Несколько лет назад они расстались. Ему казалось, что это обычная ссора, недоразумение, растянувшееся на годы. Он по-прежнему встречался с Верой, надеялся, что в один прекрасный день все образуется. Перед тем как батальон отправили на фронт, бывшая жена пришла к нему в казарму - так, как когда-то ходила в Выборгскую тюрьму. Тогда были сказаны очень важные слова: он попросил ее ждать, она кивнула. Вернувшись в Петроград после месяца, проведенного в тифозных боткинских бараках, Грин постучал в ее дверь.

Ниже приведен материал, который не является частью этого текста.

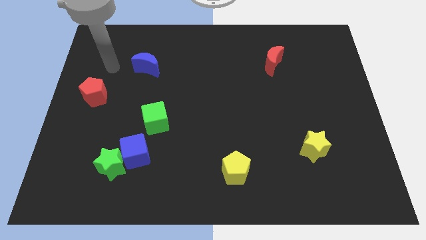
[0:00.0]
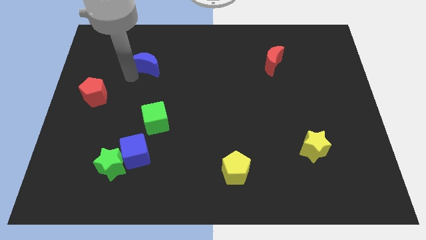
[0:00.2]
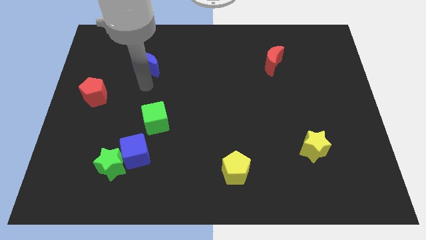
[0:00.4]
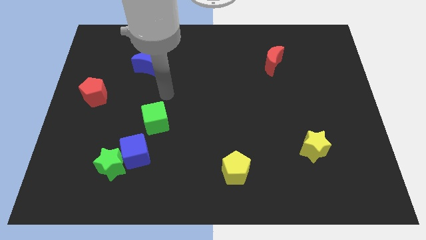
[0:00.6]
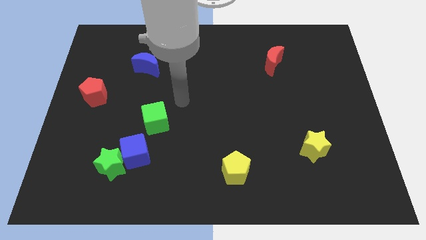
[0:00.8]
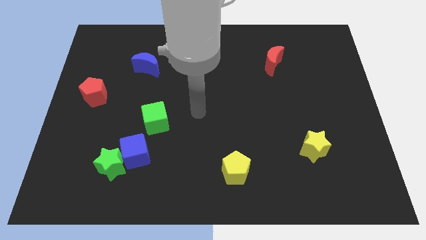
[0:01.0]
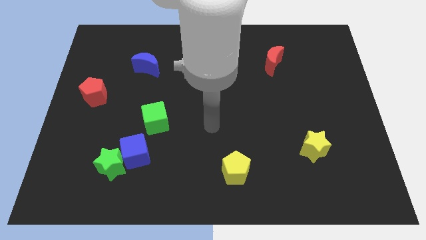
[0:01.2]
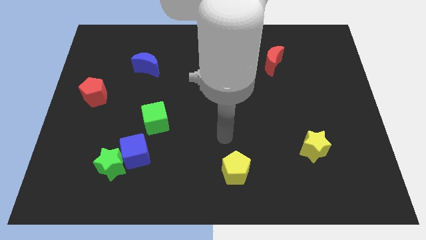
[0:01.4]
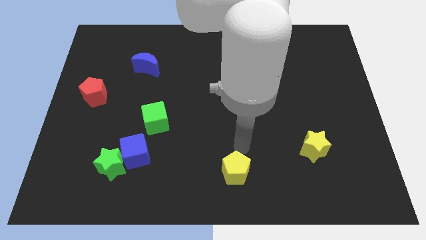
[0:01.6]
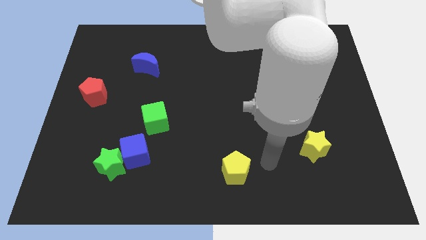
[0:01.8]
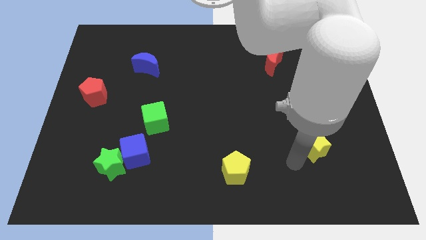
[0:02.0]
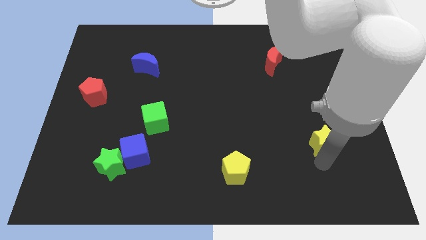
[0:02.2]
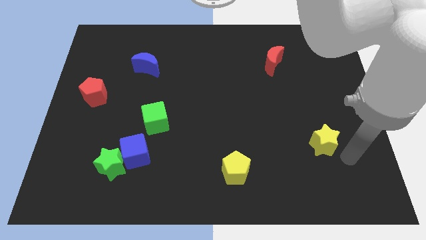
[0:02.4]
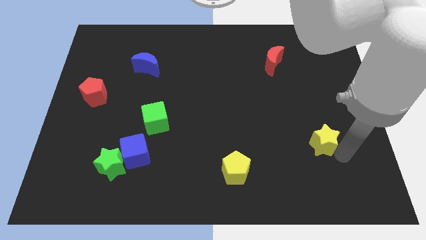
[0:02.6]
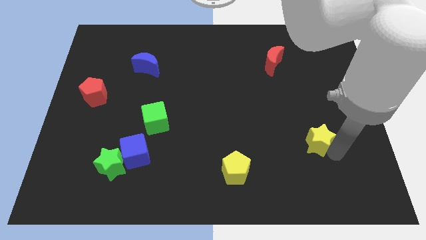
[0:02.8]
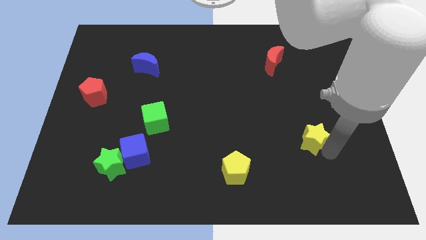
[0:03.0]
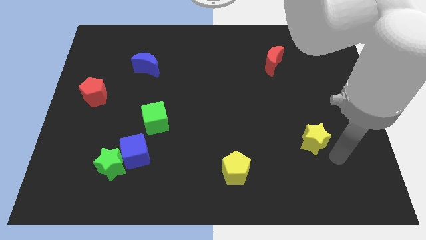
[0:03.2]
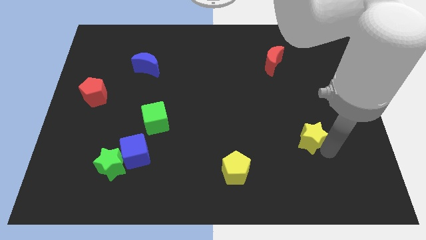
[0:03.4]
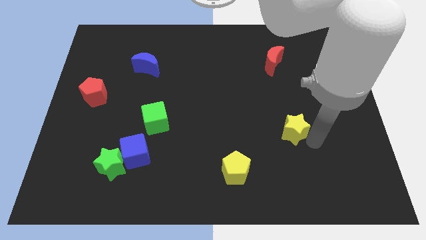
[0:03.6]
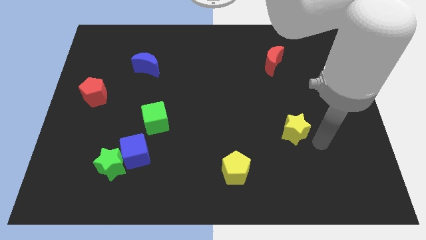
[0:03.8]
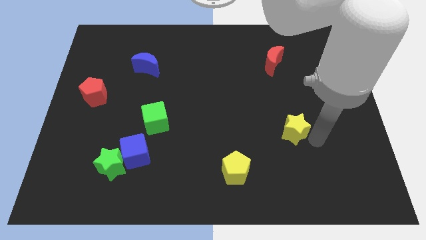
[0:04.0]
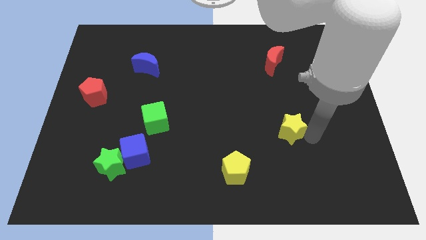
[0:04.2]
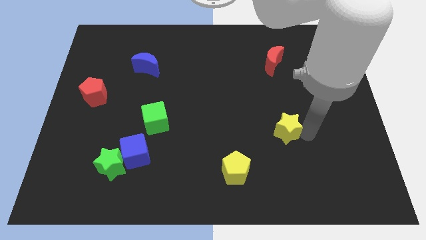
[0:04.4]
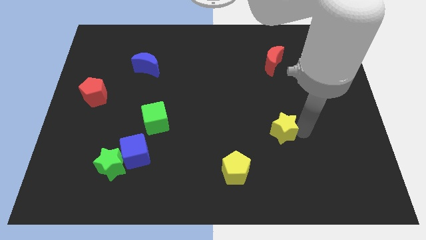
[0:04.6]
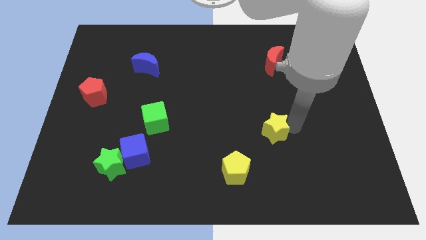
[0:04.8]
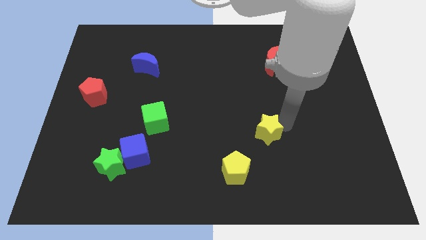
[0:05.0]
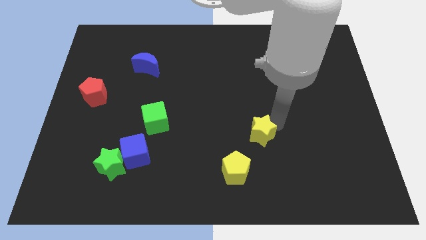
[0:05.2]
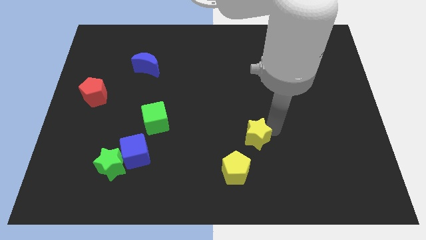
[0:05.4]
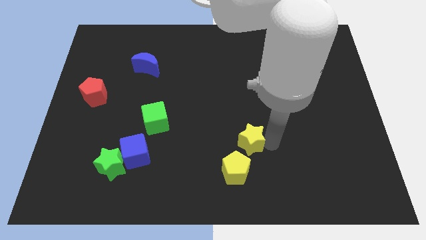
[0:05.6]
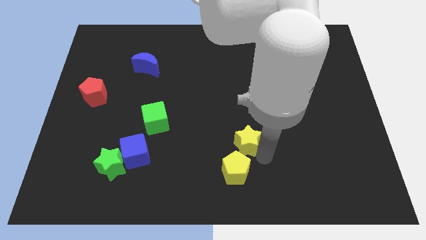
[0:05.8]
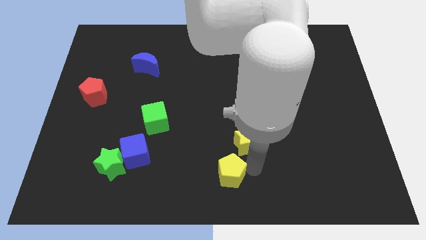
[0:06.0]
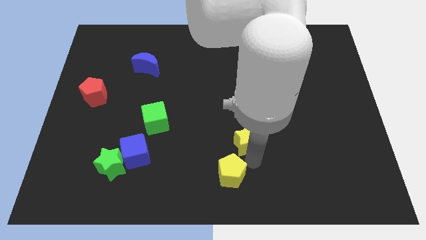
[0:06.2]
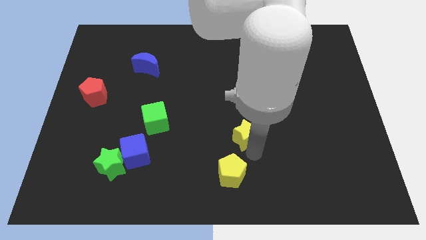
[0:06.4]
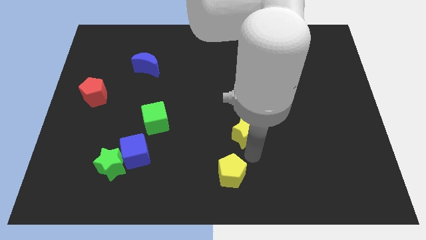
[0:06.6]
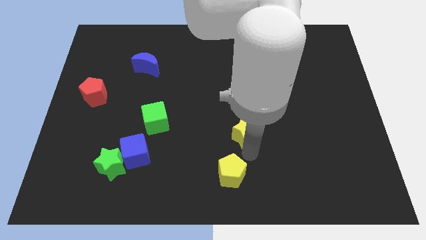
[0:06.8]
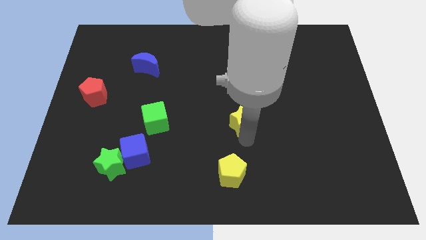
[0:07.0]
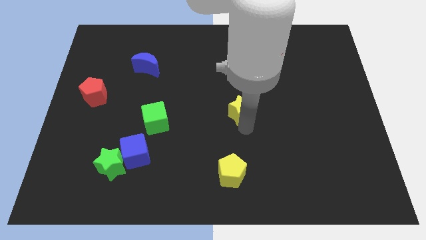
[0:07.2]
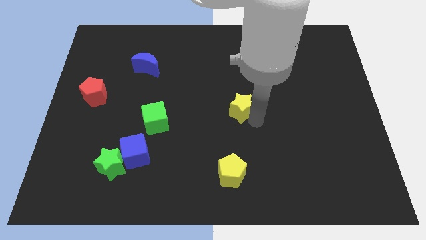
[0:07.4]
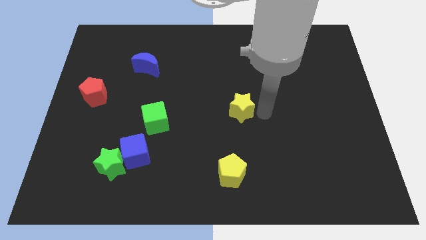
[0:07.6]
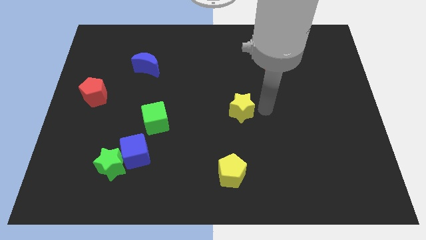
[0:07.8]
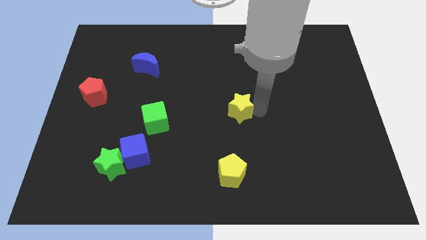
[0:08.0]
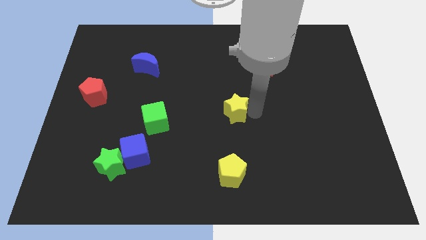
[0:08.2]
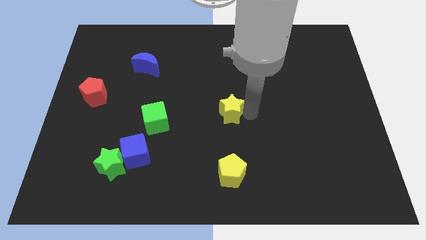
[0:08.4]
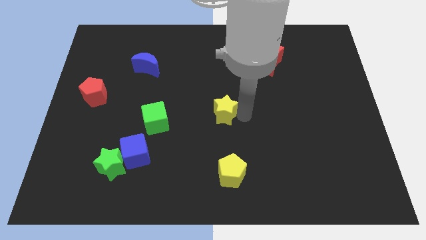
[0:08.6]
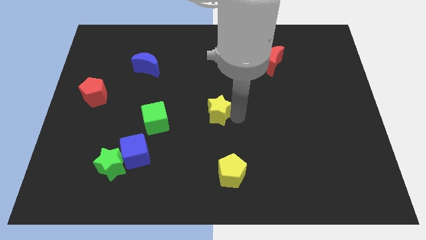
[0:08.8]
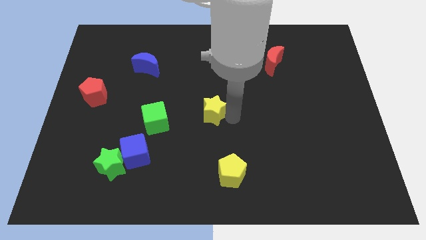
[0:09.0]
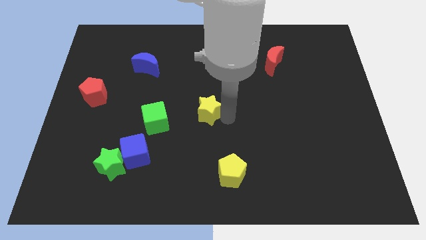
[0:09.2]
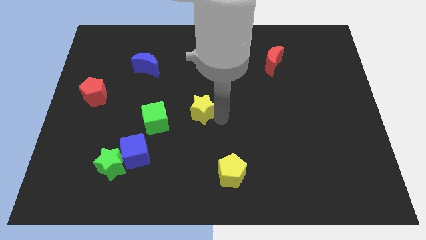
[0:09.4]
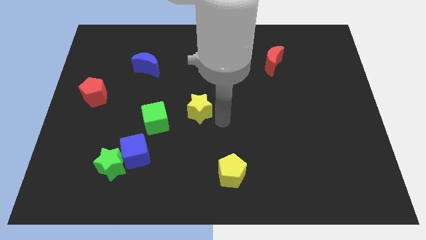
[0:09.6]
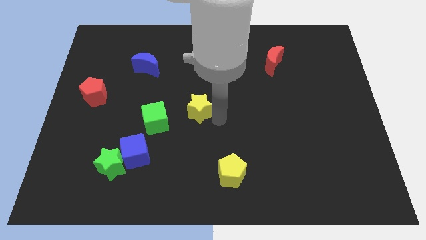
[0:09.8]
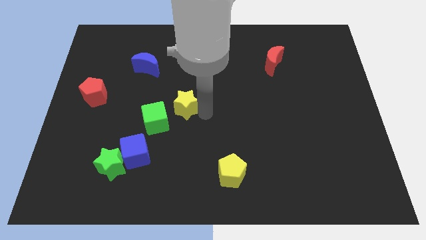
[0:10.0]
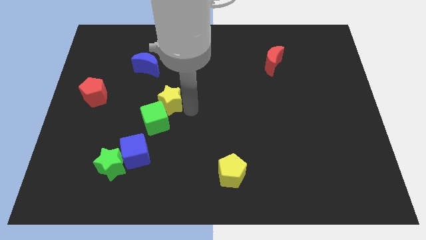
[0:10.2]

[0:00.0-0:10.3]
move the yellow star to the top side of the green cube

Вера растерянно сказала: "Проходи". За столом сидел незнакомый мужчина без галстука, в подтяжках. Вера попросила его подождать в соседней комнате: "Нам с Александром Степановичем нужно объясниться". Мужчина покорно вышел.

Оба молчали.

- Так, - сказал он наконец, - значит, я - Александр Степанович, а он, по-видимому, новый муж?

- Видишь ли, он...

- Меня интересуешь ты. Что с нами случилось, Вера?

- Все очень просто. Я больше не могла так жить: неопределенно, зыбко, без уверенности в завтрашнем дне.

- А тебе не кажется, что такая уверенность пахнет скукой?

- Это старый и бессмысленный спор. Если бы ты хоть раз меня послушал и написал нормальный роман, как другие пишут. Ну хоть один раз, когда от долгов было не продохнуть...

- Ты поступила очень разумно, и я тебе благодарен. Зачем жить с женщиной, которая тебя не понимает?.. Прощай.

- Погоди, Саша, нельзя же так... Возьми что-нибудь из вещей.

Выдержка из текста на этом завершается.